Tuesday, October 9, 2007

Rove's Exit Denial?/Hollowness in Baghdad



A few days ago, The Washington Post front-paged a piece by White House correspondent Peter Baker who checked on all those Bush aides who have fled the mother ship in recent months. It seems that some are having bad dreams (about Iraq), some have found they've lost friends (who no longer respect them due to their W. affiliation), and some are depressed because they no longer receive a torrent of important email. How sad. None admit that the Bush gang screwed up by invading Iraq and then mismanaging the war.

Karl Rove, for one, told Baker he felt guilty about "deserting" Bush "in a time of war." (Yes, Rove gave such good advice about Iraq up to his departure. What will Bush do with him gone?) But as for the CIA leak case,

Rove adamantly denies doing anything wrong, but the investigation, which hung over him for years before special counsel Patrick J. Fitzgerald decided against seeking an indictment, gave more grist to enemies who see a ruthless, Machiavellian player willing to destroy his critics. Rove sees it the other way around; he sees a hunt for a crime that did not exist.

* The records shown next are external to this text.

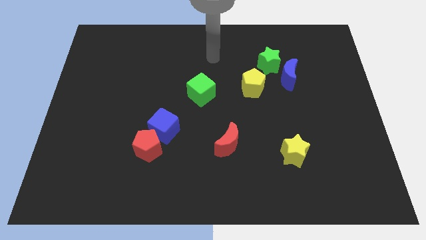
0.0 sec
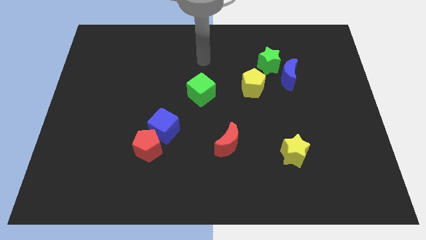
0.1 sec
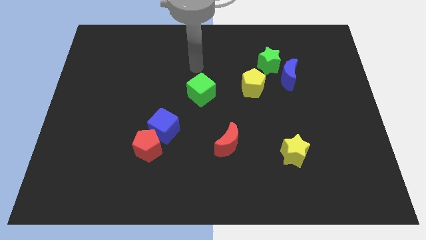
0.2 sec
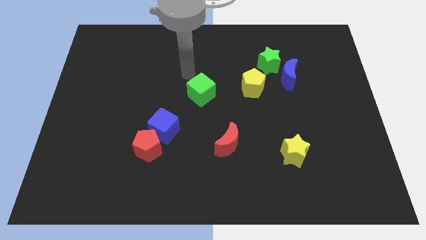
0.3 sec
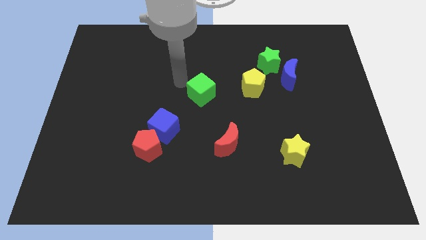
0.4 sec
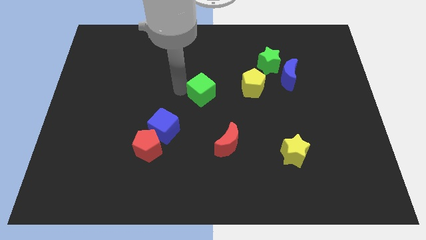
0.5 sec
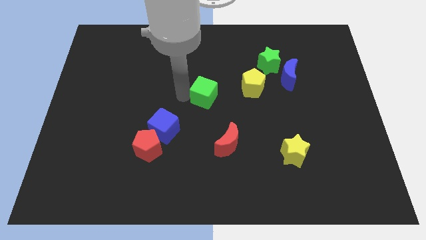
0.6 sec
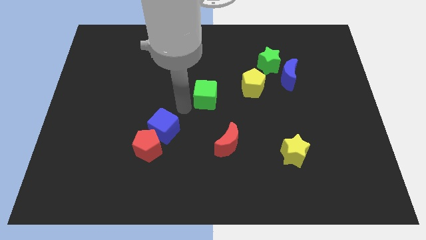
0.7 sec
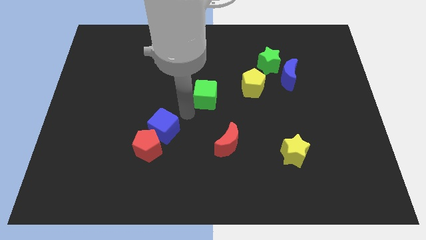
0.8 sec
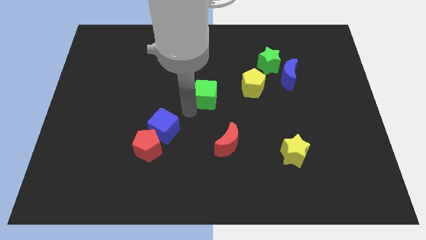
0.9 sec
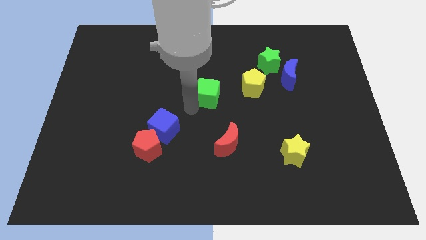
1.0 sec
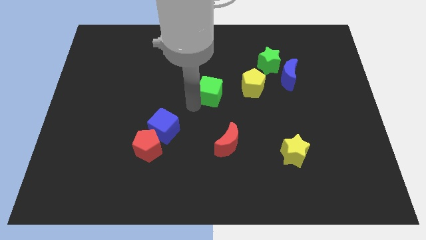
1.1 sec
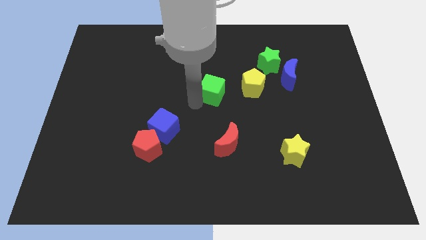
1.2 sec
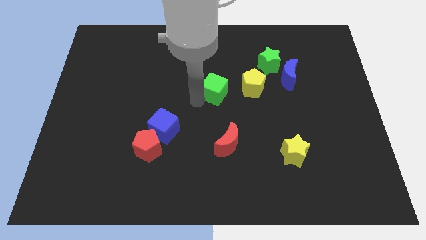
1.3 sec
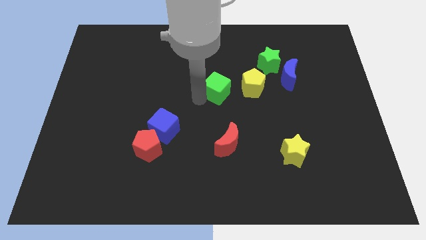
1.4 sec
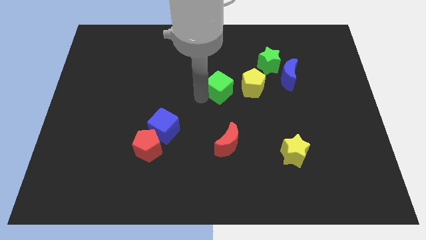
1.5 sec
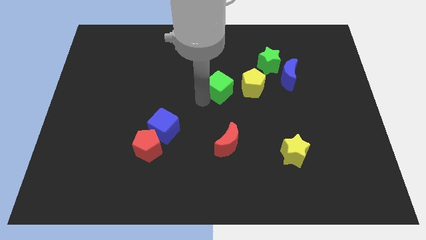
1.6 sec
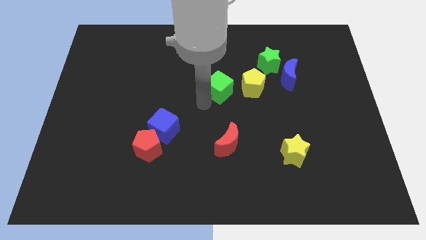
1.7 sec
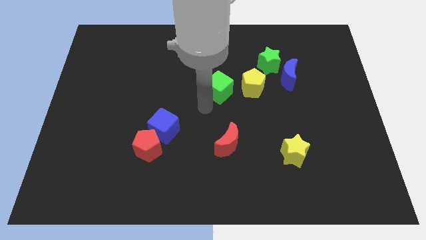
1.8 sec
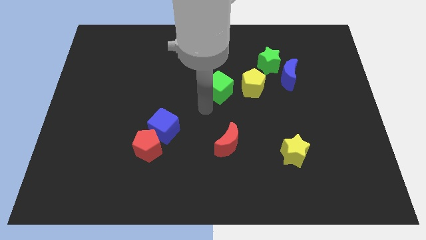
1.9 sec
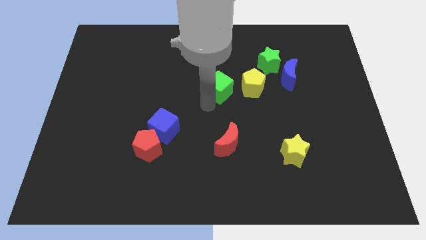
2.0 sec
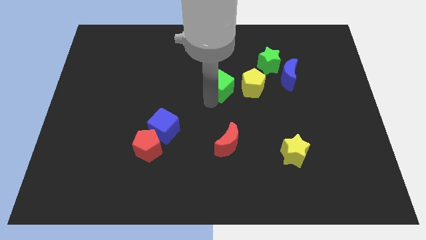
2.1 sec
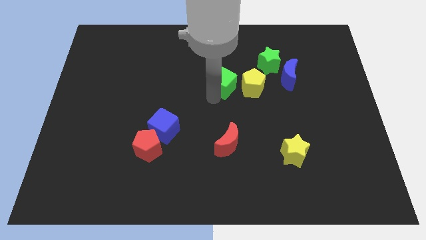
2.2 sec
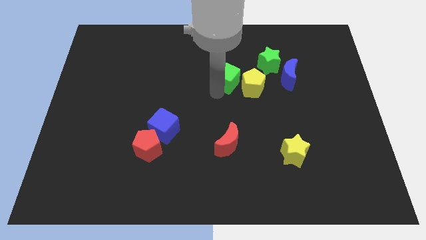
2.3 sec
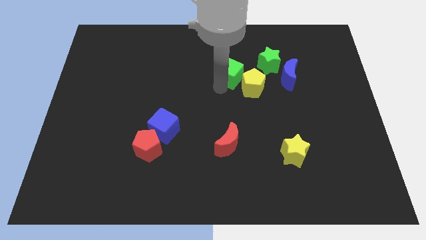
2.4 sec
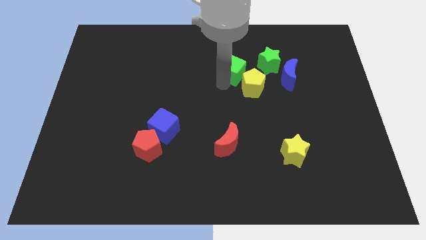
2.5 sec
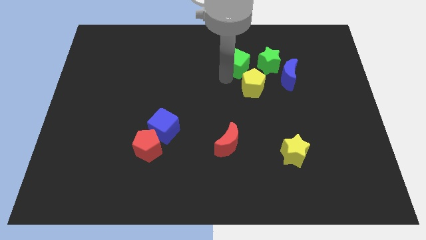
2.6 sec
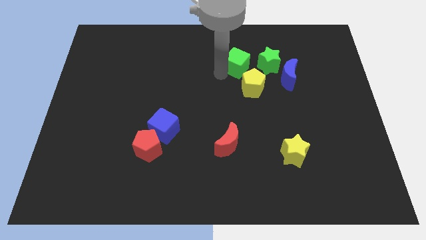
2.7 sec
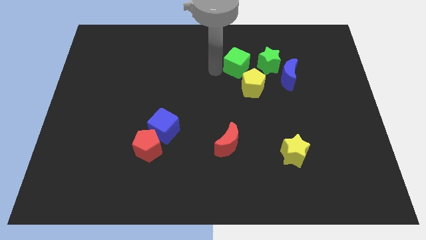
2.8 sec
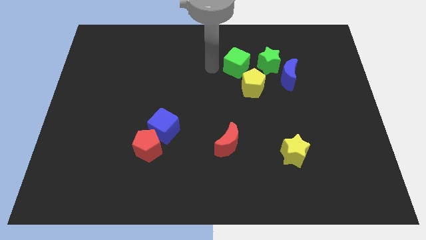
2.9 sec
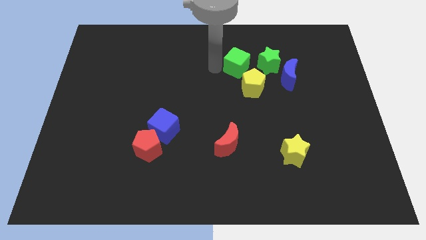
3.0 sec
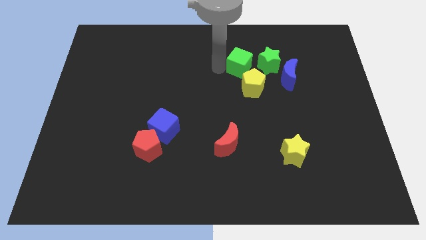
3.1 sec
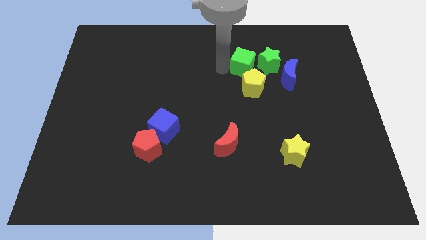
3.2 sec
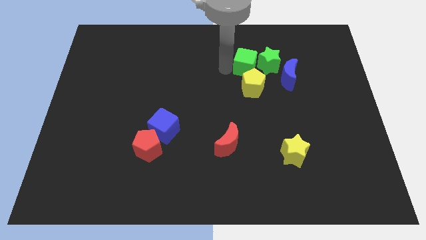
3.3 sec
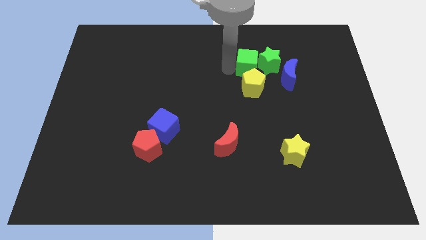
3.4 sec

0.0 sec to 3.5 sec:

The investigation, Rove said, was his lowest moment at Bush's side. "It was really hard for me," he said. "I'm not bitter about it. But I'll tell you, my wife is bitter about all the people who carry those little badges that say, 'Press.' "


It's the denial of reality that has gotten Bush, Rove and the rest of the pack into so much trouble. And this is yet one more example. Rove says he did nothing wrong. The record is clear. He told one reporter (Matt Cooper) that former Ambassador Joe Wilson's wife worked at the CIA, and he confirmed this fact for another journalist (Bob Novak). In doing so, he passed classified information (for Valerie Wilson's employment at the CIA was classified) to two members of the press, as part of a White House campaign to discredit an administration critic. As it turned out, Fitzgerald did not charge Rove with a crime. But that does not mean Rove did nothing improper. Not all wrongdoing in Washington is felonious.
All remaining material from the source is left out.